#### WHAT THE EXERCISE ASKS:
Wherever the records include pictures, skip them and transcribe all the rest word for word.
───── DATA LISTING ─────
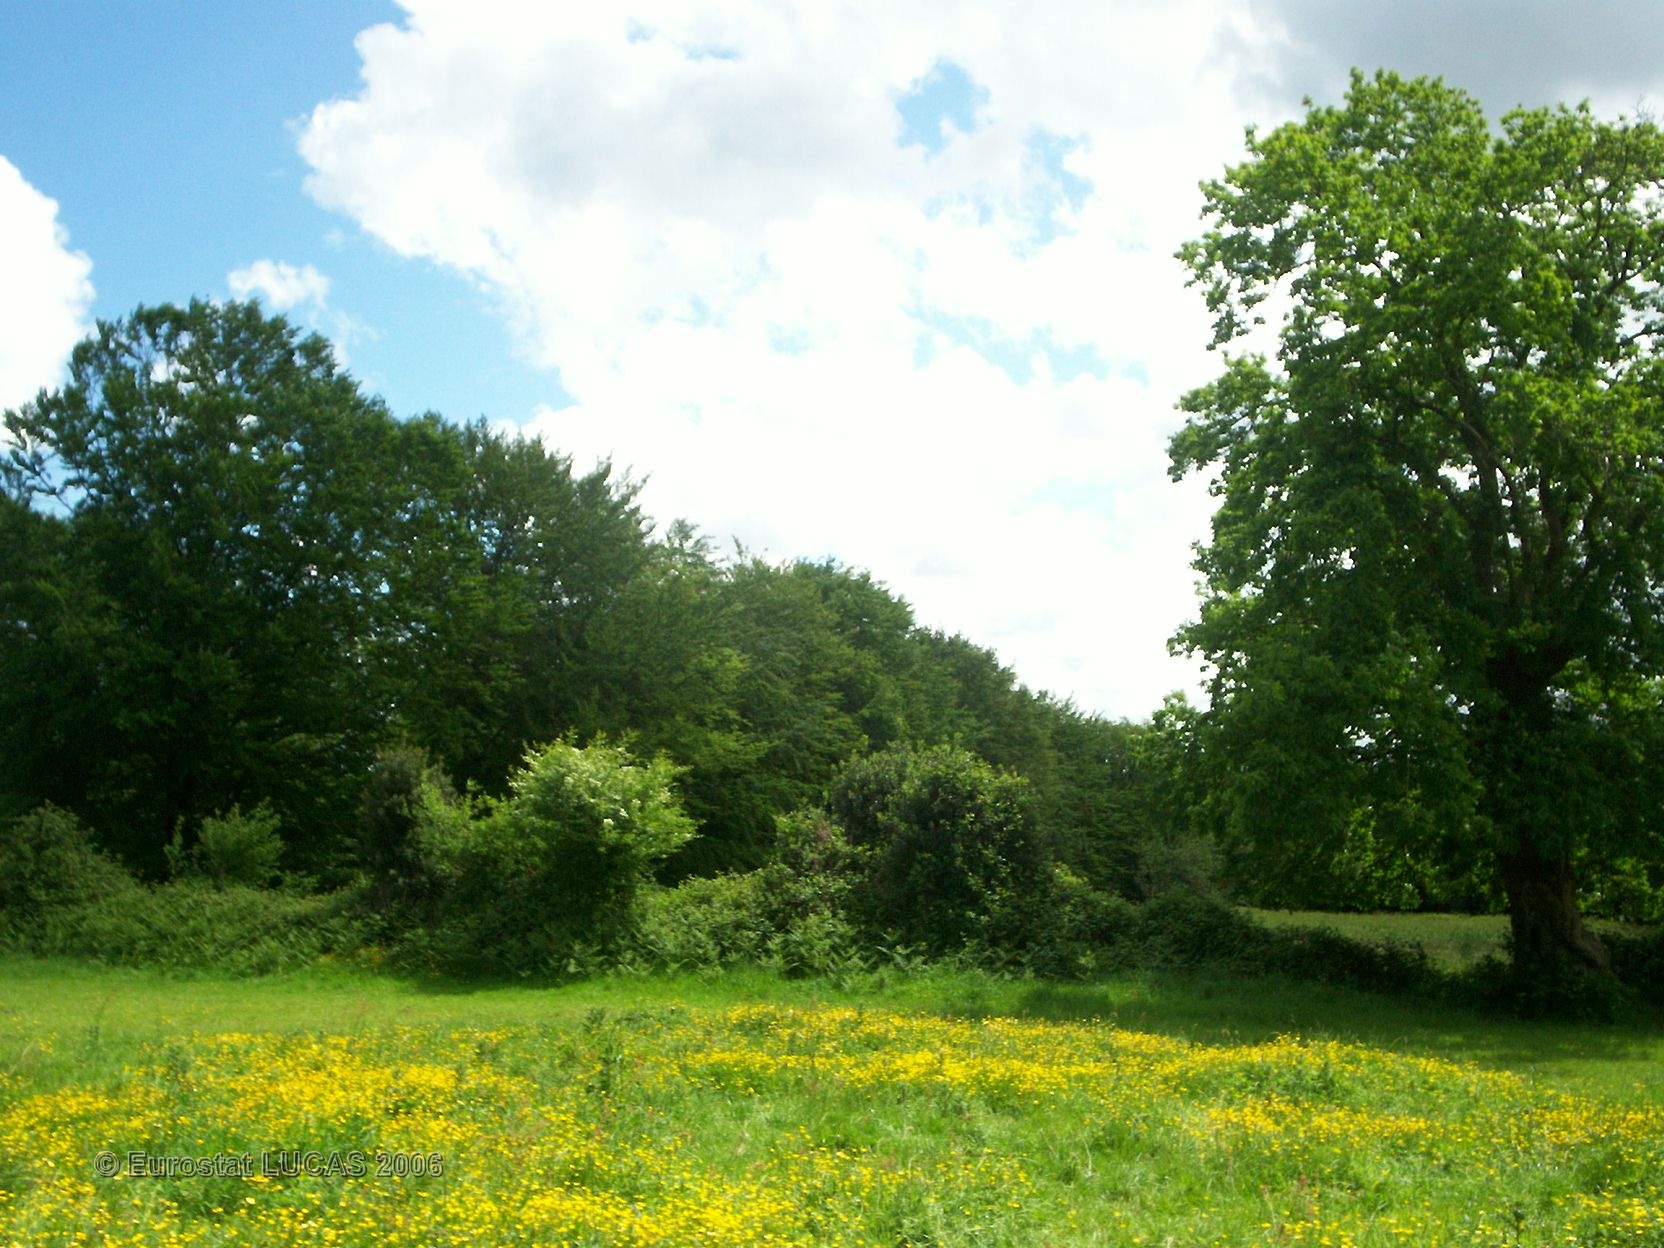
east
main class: Grassland
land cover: Grassland without tree/shrub cover
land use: Agriculture (excluding fallow land and kitchen gardens)
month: May
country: FR
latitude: 49.5868
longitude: -1.6292
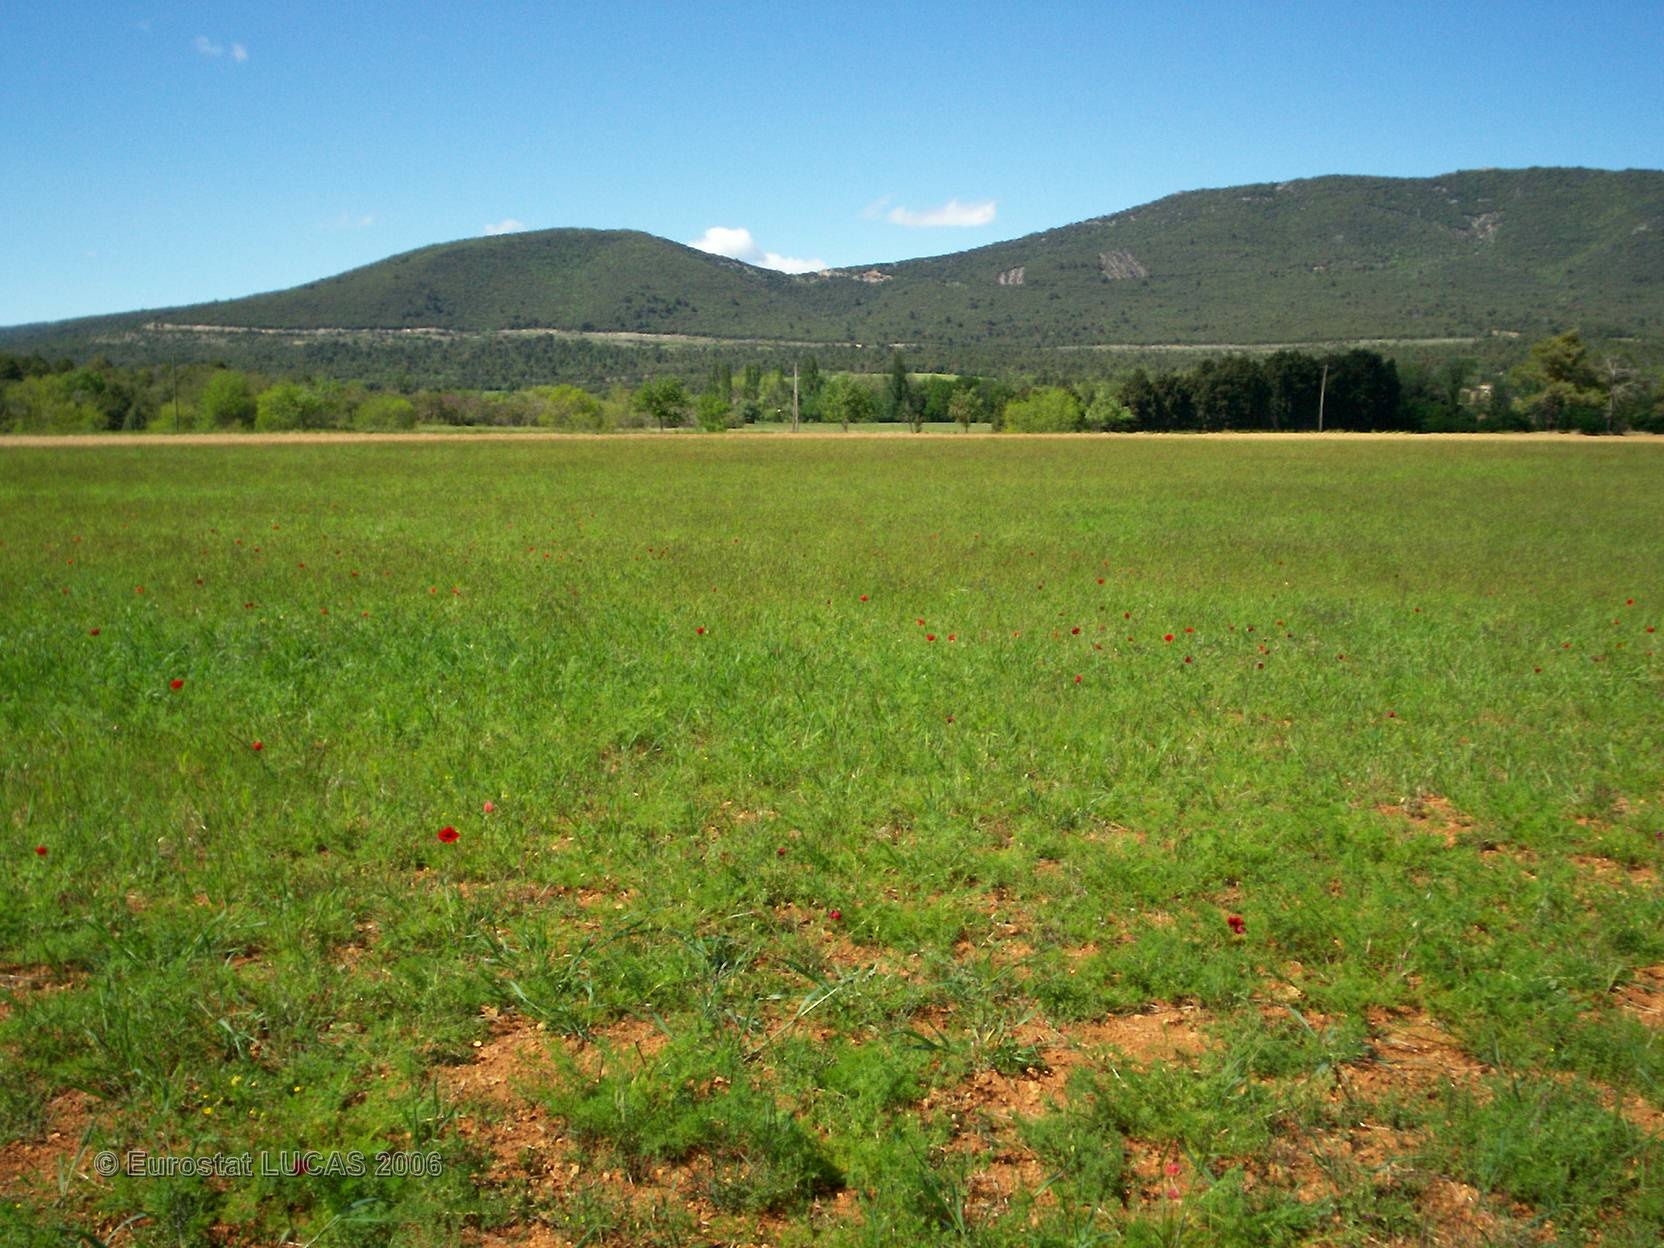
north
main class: Grassland
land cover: Grassland without tree/shrub cover
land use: Agriculture (excluding fallow land and kitchen gardens)
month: May
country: FR
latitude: 43.6183
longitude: 6.3529
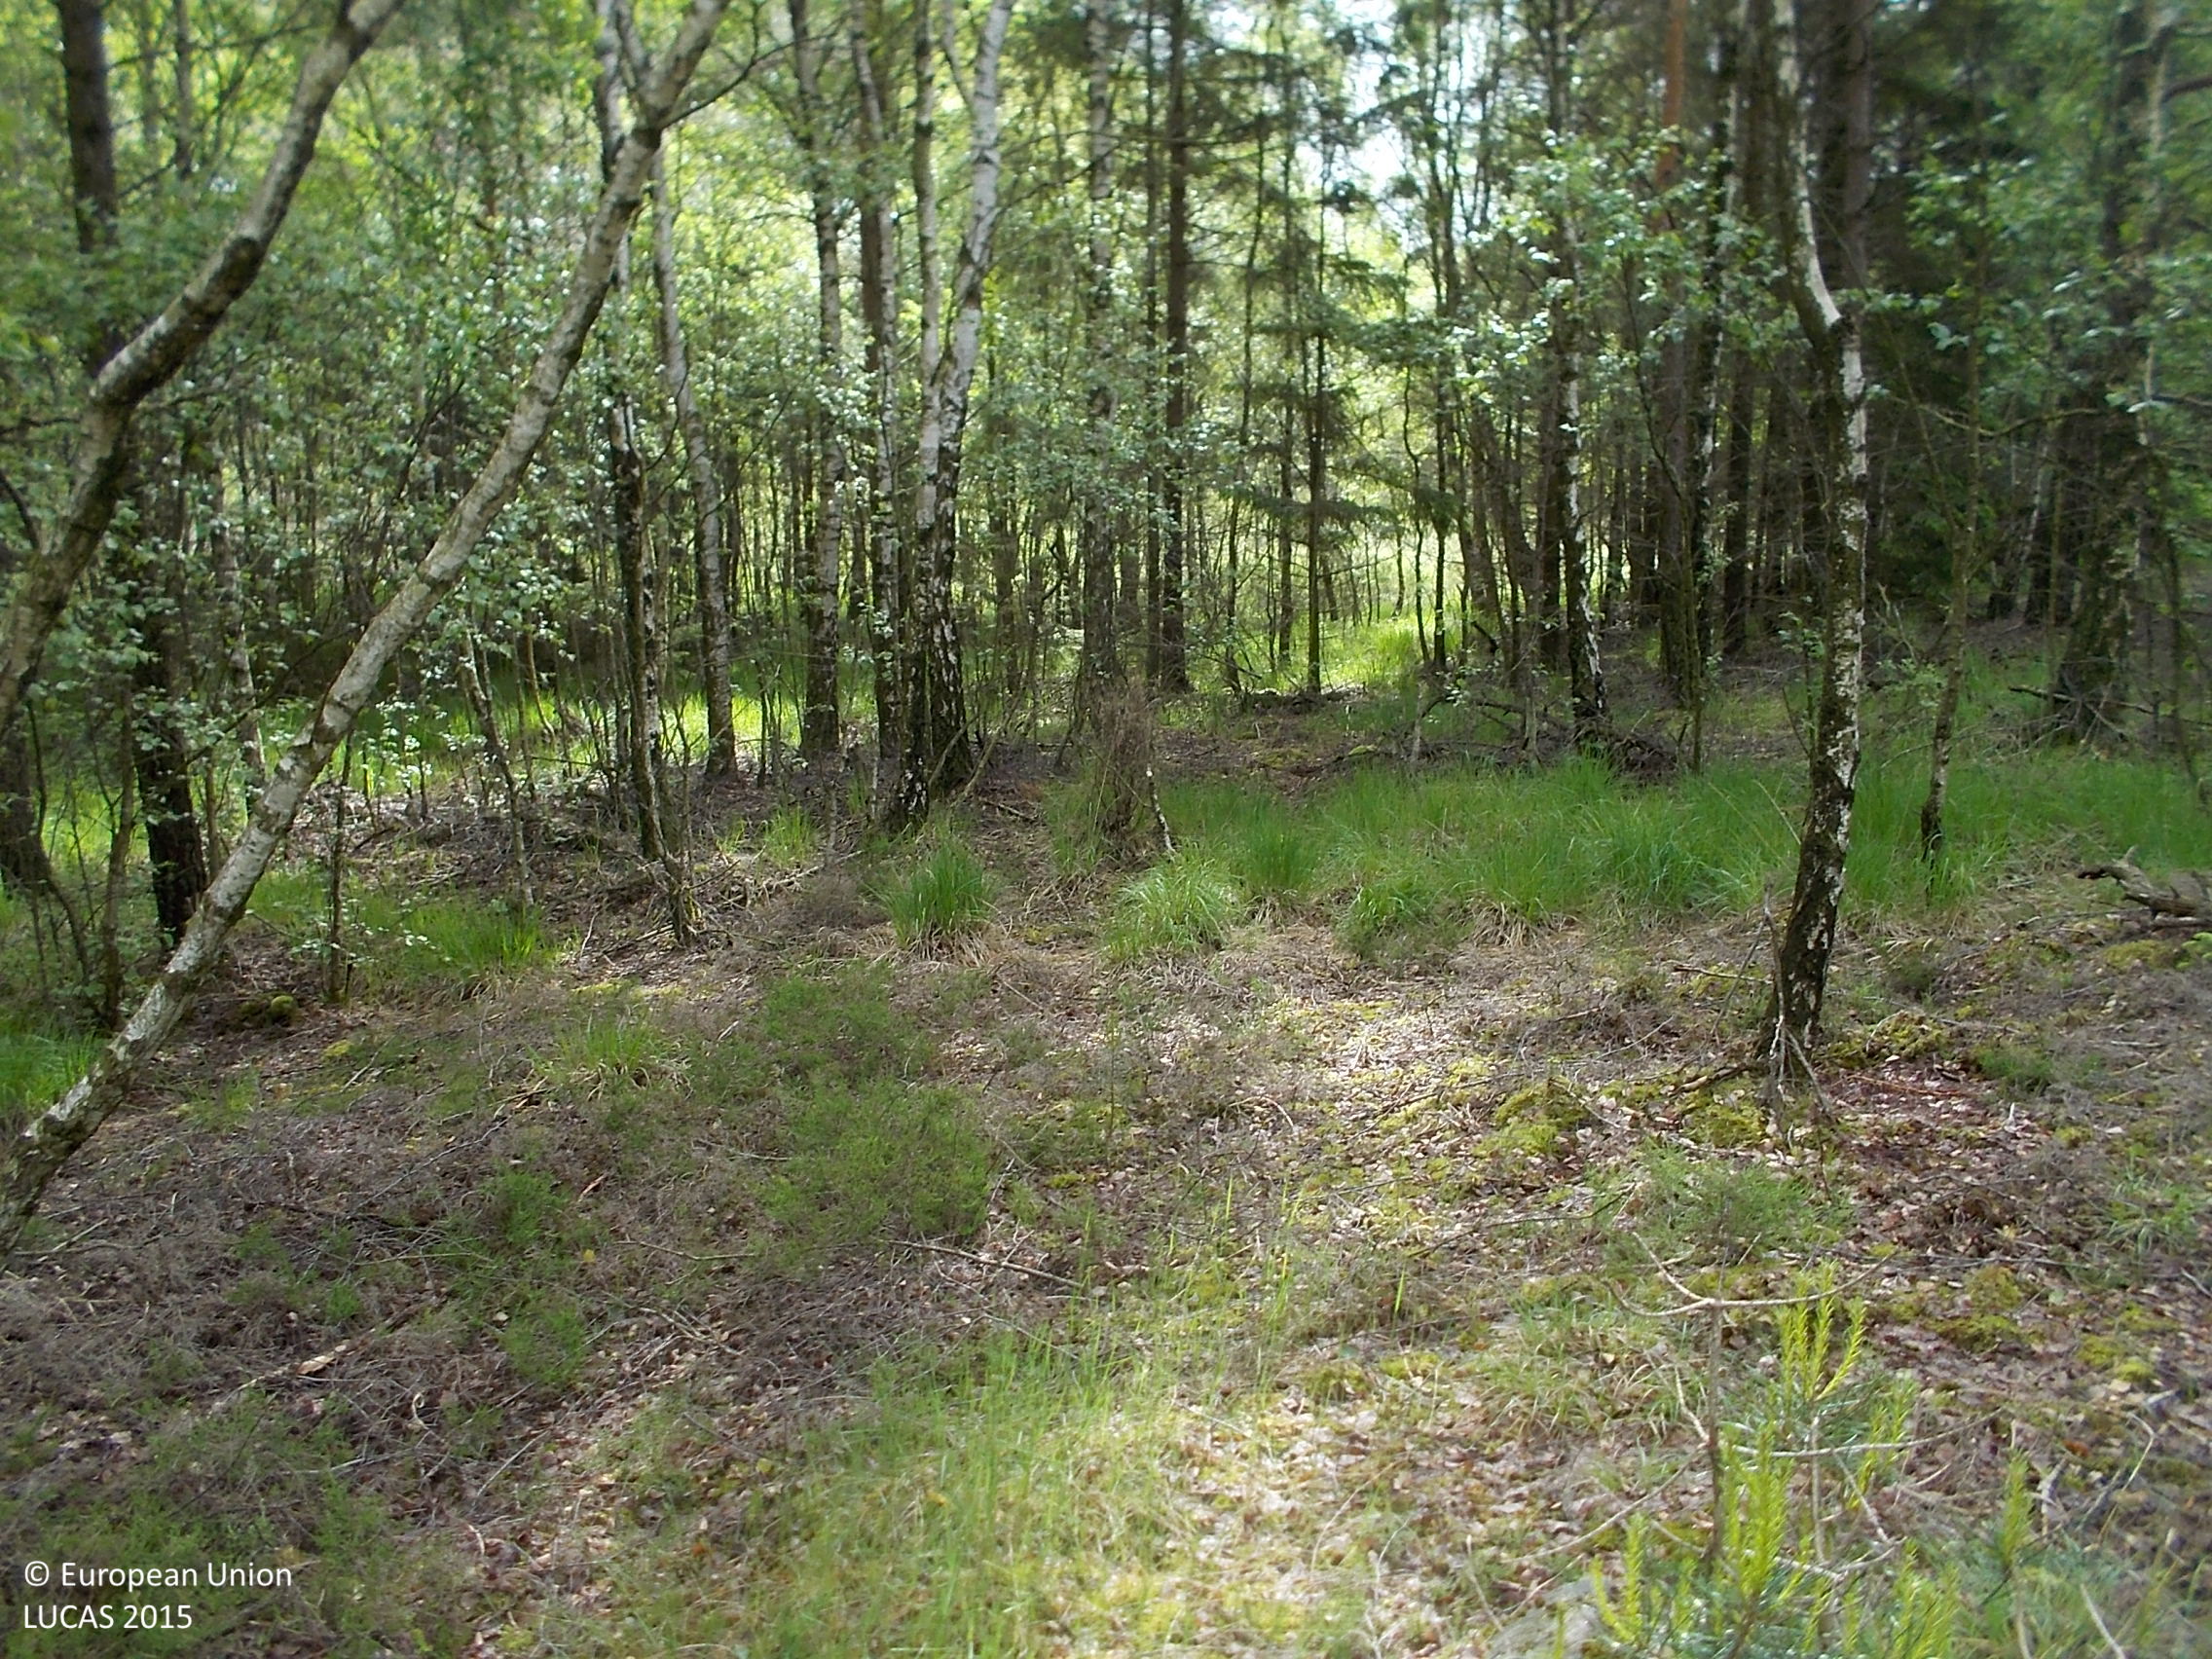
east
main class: Woodland
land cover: Broadleaved woodland
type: hemiboreal forest and nemoral coniferous forest and mixed broadleaved-coniferous forest
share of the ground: 10 - 25 %
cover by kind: herbaceous plants 40 %, lichens and mosses 30 %, broadleaved forest trees 10 %, shrubs 10 %, consolidated bare surface 10 %
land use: Forestry
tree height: > 5 m
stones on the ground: < 10 %
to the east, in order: Broadleaved woodland; Shrubland with sparse tree cover; Electric lines; Shrubland with sparse tree cover; Broadleaved woodland; Pine dominated mixed woodland; Broadleaved woodland
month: June
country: SE
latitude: 57.3743
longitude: 12.1753
─────
#### RESULT OF THIS TASK:
east
main class: Grassland
land cover: Grassland without tree/shrub cover
land use: Agriculture (excluding fallow land and kitchen gardens)
month: May
country: FR
latitude: 49.5868
longitude: -1.6292
north
main class: Grassland
land cover: Grassland without tree/shrub cover
land use: Agriculture (excluding fallow land and kitchen gardens)
month: May
country: FR
latitude: 43.6183
longitude: 6.3529
east
main class: Woodland
land cover: Broadleaved woodland
type: hemiboreal forest and nemoral coniferous forest and mixed broadleaved-coniferous forest
share of the ground: 10 - 25 %
cover by kind: herbaceous plants 40 %, lichens and mosses 30 %, broadleaved forest trees 10 %, shrubs 10 %, consolidated bare surface 10 %
land use: Forestry
tree height: > 5 m
stones on the ground: < 10 %
to the east, in order: Broadleaved woodland; Shrubland with sparse tree cover; Electric lines; Shrubland with sparse tree cover; Broadleaved woodland; Pine dominated mixed woodland; Broadleaved woodland
month: June
country: SE
latitude: 57.3743
longitude: 12.1753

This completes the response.